A Quintessence
In Laura Mulvey’s “Visual Pleasure and Narrative Cinema”, the author discusses ways in which cinema utilizes certain techniques that maintain power of the male gender over the female gender. One of the techniques Mulvey identifies is the use of ‘the male gaze”, in regards to filming female characters. Simply put this is a technique in which female characters are introduced in segments instead of a whole person as opposed to their male counter parts who are filmed, or at least introduced, in relatively whole shots.
These segments follow the male gaze, for instance in the opening of Alfred Hitchcock’s film, Vertigo, we are given no context just a set of lips, a pair of eyes, and a single eye that holds the title of the film. This woman has been reduced from an actress to a prop. This theme is not limited to the opening in, Vertigo, in fact the ‘the male gaze” drives the plot and holds the women in their roles. The plot of the film is a man watching a woman watching herself be looked at, everyone (including the director) shapes Judy just so she can reflect their idea of something else.

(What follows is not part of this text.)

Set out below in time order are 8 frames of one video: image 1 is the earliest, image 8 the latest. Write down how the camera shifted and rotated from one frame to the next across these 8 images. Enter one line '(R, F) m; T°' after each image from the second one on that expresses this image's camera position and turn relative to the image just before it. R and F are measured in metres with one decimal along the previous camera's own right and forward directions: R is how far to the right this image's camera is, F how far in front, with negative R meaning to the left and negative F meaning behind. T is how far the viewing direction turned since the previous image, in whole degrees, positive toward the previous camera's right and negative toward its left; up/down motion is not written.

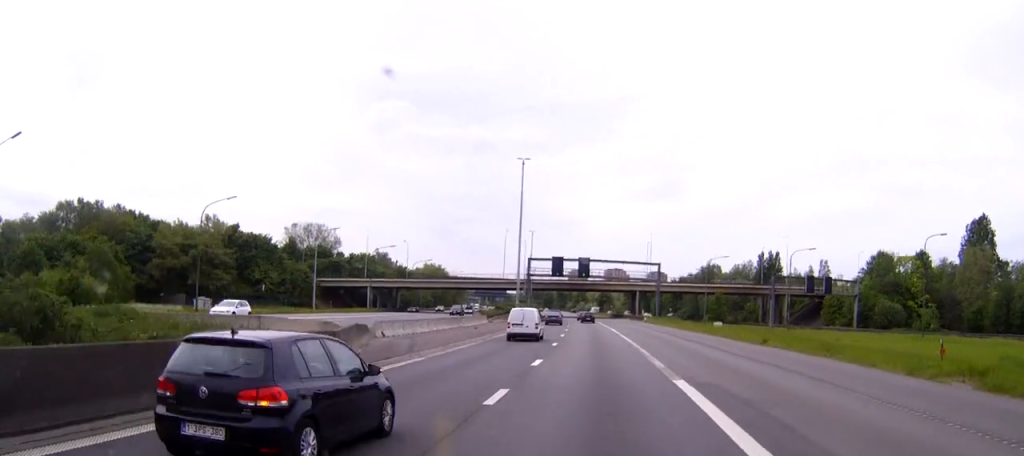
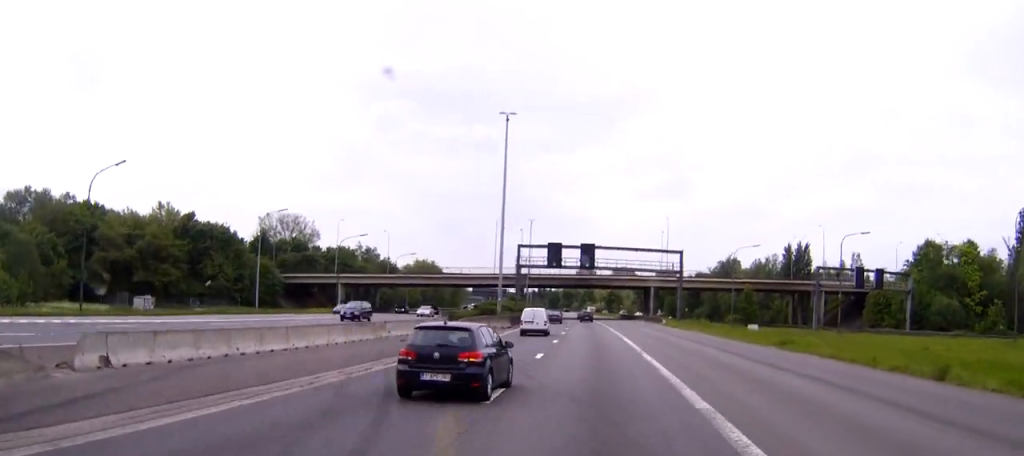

This plot is a fair example of John Berger’s statement in his book, Ways of Seeing, “…[M]en act and women appear. Men look at women. Women watch themselves being looked at.” (p.46) In the film Judy acts initially as Tom Helmor’s wife’s doppelganger to make her death look like a suicide, she then lives out John ‘Scottie’ Ferguson’s fantasy of having his believedly deceased love back. The dialogue and acting involved in the reshaping of Judy to fit the role of Madeline is a quintessential example of ‘the male gaze.’ The film, The Vanity Tables of Douglas Sirk, gives a description of the effect on the female image that is had by the existence of such shallow representations of the female character.
Are there any films today that go beyond this representation, so far beyond to the point of breaking completely free from this image? What do the female characters within these films do to show their agency? Do they do anything at all now? Did they do anything to try to fight this representation back when there logistically was no other option?